* **What needs to be done**
Keep the pictures out of the copy and print all the entries below exactly.

* **Data for this exercise**
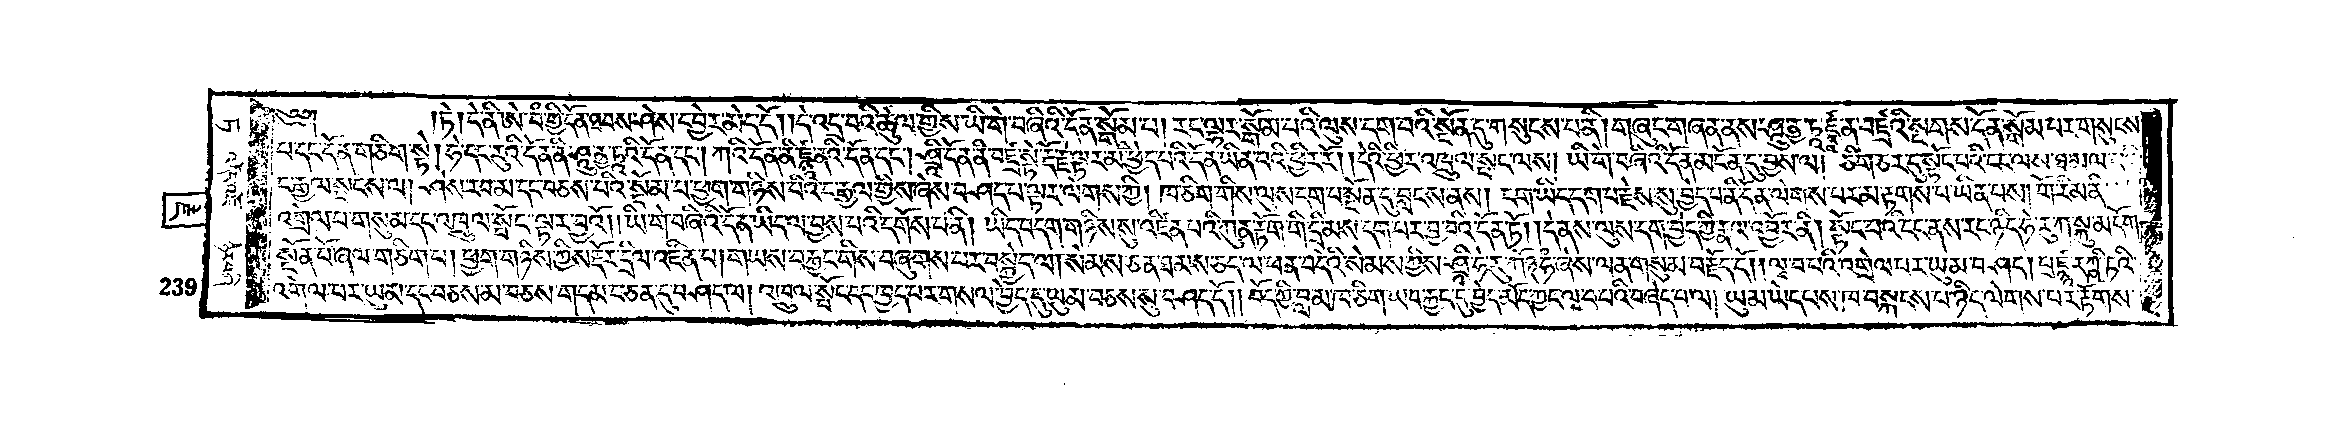༄༅། །ཏེ། དེ་ནི་ཨེ་བཾ་གྱི་དོན་ཐབས་ཤེས་དབྱེར་མེད་དོ། །དེ་འདྲ་བའི་ཚུལ་གྱིས་ཡི་གེ་བཞིའི་དོན་སྒོམ་པ། རང་ལྷར་སྒོམ་པའི་ལུས་ངག་པའི་སྔོན་དུ་གསུངས་པ་ནི། གཞུང་གཞན་ནས་ཤཱུ་ནྱ་ཏཱ་ཛྙཱ་ན་བཛྲའི་སྔགས་དོན་སྒོམ་པར་གསུངས་
པ་དང་དོན་གཅིག་སྟེ། ཧེ་དང་རུའི་དོན་ནི་ཤཱུ་ནྱ་ཏཱའི་དོན་དང་། ཀའི་དོན་ནི་ཛྙཱ་ནའི་དོན་དང་། ཤྲཱི་དོན་ནི་བཛྲ་སྟེ་རྡོ་རྗེ་ལྟར་མི་ཕྱེད་པའི་དོན་ཡིན་པའི་ཕྱིར་རོ། །དེའི་ཕྱིར་འཁྲུལ་སྤོང་ལས། ཡི་གེ་བཞིའི་དོན་མངོན་དུ་བྱས་ལ། ཅིག་ཅར་དུ་སྟོང་པའི་ངང་ལས་ཐ་མལ་པའི་
ང་རྒྱལ་སྤངས་ལ། ཤེས་རབ་མ་དང་བཅས་པའི་སྡོམ་པ་ཕྱག་གཉིས་པའི་ང་རྒྱལ་གྱིས་ཞེས་བཤད་པ་ལྟར་ལེགས་ཀྱི། ཁ་ཅིག་གིས་ལུས་དག་པ་སྔོན་དུ་བླངས་ནས། ངག་ཡིད་དག་པ་རྗེས་སུ་བྱེད་པ་ནི་དོན་ལེགས་པར་མ་རྟགས་པ་ཡིན་པས། གོ་རིམ་ནི་
འགྲེལ་པ་གསུམ་དང་འཁྲུལ་སྤོང་ལྟར་བྱའོ། །ཡི་གེ་བཞིའི་དོན་ཡིད་ལ་བྱས་པའི་དགོས་པ་ནི། ཡིད་བདག་གཉིས་སུ་འཛིན་པའི་ཀུན་རྟོག་གི་དྲི་མས་དག་པར་བྱ་བའི་དོན་ཏོ། །དེ་ནས་ལུས་དག་བྱེད་ཀྱི་རྣལ་འབྱོར་ནི། སྟོང་པའི་ངང་ནས་རང་ཉིད་ཧེ་རུ་ཀ་སྐུ་མདོག་
སྔོན་པོ་ཞལ་གཅིག་པ། ཕྱག་གཉིས་ཀྱིས་རྡོར་དྲིལ་འཛིན་པ། གཡས་བརྐྱང་གིས་བཞུགས་པར་བསྐྱེད་ལ། སེམས་ཅན་ཐམས་ཅད་ལ་ཕན་བདེའི་སེམས་ཀྱིས་ཤྲཱི་ཧེ་རུ་ཀོཉཧཾ་ཞེས་ལན་གསུམ་བརྗོད་དོ། །ལྭ་བ་པའི་འགྲེལ་པར་ཡུམ་བཤད། པྲཛྙཱ་རཀྵི་ཏའི་
འགྲེལ་པར་ཡུམ་དང་བཅས་མ་བཅས་གདམ་ང་ཅན་དུ་བཤད་ལ། འཁྲུལ་སྤོང་དང་ཁྱད་པར་གསལ་བྱེད་དུ་ཡུམ་བཅས་སུ་བཤད་དོ། །བོད་ཀྱི་བླ་མ་ཁ་ཅིག་ཡབ་རྐྱང་དུ་བྱེད་མོད་ཀྱང་ལྭ་བ་པའི་བཞེད་པ་ལ། ཡུམ་ཡོད་པས་ཁ་བསྐངས་པ་ཉིད་ལེགས་པར་རྟོགས་

* **Answer to this task**
༄༅། །ཏེ། དེ་ནི་ཨེ་བཾ་གྱི་དོན་ཐབས་ཤེས་དབྱེར་མེད་དོ། །དེ་འདྲ་བའི་ཚུལ་གྱིས་ཡི་གེ་བཞིའི་དོན་སྒོམ་པ། རང་ལྷར་སྒོམ་པའི་ལུས་ངག་པའི་སྔོན་དུ་གསུངས་པ་ནི། གཞུང་གཞན་ནས་ཤཱུ་ནྱ་ཏཱ་ཛྙཱ་ན་བཛྲའི་སྔགས་དོན་སྒོམ་པར་གསུངས་
པ་དང་དོན་གཅིག་སྟེ། ཧེ་དང་རུའི་དོན་ནི་ཤཱུ་ནྱ་ཏཱའི་དོན་དང་། ཀའི་དོན་ནི་ཛྙཱ་ནའི་དོན་དང་། ཤྲཱི་དོན་ནི་བཛྲ་སྟེ་རྡོ་རྗེ་ལྟར་མི་ཕྱེད་པའི་དོན་ཡིན་པའི་ཕྱིར་རོ། །དེའི་ཕྱིར་འཁྲུལ་སྤོང་ལས། ཡི་གེ་བཞིའི་དོན་མངོན་དུ་བྱས་ལ། ཅིག་ཅར་དུ་སྟོང་པའི་ངང་ལས་ཐ་མལ་པའི་
ང་རྒྱལ་སྤངས་ལ། ཤེས་རབ་མ་དང་བཅས་པའི་སྡོམ་པ་ཕྱག་གཉིས་པའི་ང་རྒྱལ་གྱིས་ཞེས་བཤད་པ་ལྟར་ལེགས་ཀྱི། ཁ་ཅིག་གིས་ལུས་དག་པ་སྔོན་དུ་བླངས་ནས། ངག་ཡིད་དག་པ་རྗེས་སུ་བྱེད་པ་ནི་དོན་ལེགས་པར་མ་རྟགས་པ་ཡིན་པས། གོ་རིམ་ནི་
འགྲེལ་པ་གསུམ་དང་འཁྲུལ་སྤོང་ལྟར་བྱའོ། །ཡི་གེ་བཞིའི་དོན་ཡིད་ལ་བྱས་པའི་དགོས་པ་ནི། ཡིད་བདག་གཉིས་སུ་འཛིན་པའི་ཀུན་རྟོག་གི་དྲི་མས་དག་པར་བྱ་བའི་དོན་ཏོ། །དེ་ནས་ལུས་དག་བྱེད་ཀྱི་རྣལ་འབྱོར་ནི། སྟོང་པའི་ངང་ནས་རང་ཉིད་ཧེ་རུ་ཀ་སྐུ་མདོག་
སྔོན་པོ་ཞལ་གཅིག་པ། ཕྱག་གཉིས་ཀྱིས་རྡོར་དྲིལ་འཛིན་པ། གཡས་བརྐྱང་གིས་བཞུགས་པར་བསྐྱེད་ལ། སེམས་ཅན་ཐམས་ཅད་ལ་ཕན་བདེའི་སེམས་ཀྱིས་ཤྲཱི་ཧེ་རུ་ཀོཉཧཾ་ཞེས་ལན་གསུམ་བརྗོད་དོ། །ལྭ་བ་པའི་འགྲེལ་པར་ཡུམ་བཤད། པྲཛྙཱ་རཀྵི་ཏའི་
འགྲེལ་པར་ཡུམ་དང་བཅས་མ་བཅས་གདམ་ང་ཅན་དུ་བཤད་ལ། འཁྲུལ་སྤོང་དང་ཁྱད་པར་གསལ་བྱེད་དུ་ཡུམ་བཅས་སུ་བཤད་དོ། །བོད་ཀྱི་བླ་མ་ཁ་ཅིག་ཡབ་རྐྱང་དུ་བྱེད་མོད་ཀྱང་ལྭ་བ་པའི་བཞེད་པ་ལ། ཡུམ་ཡོད་པས་ཁ་བསྐངས་པ་ཉིད་ལེགས་པར་རྟོགས་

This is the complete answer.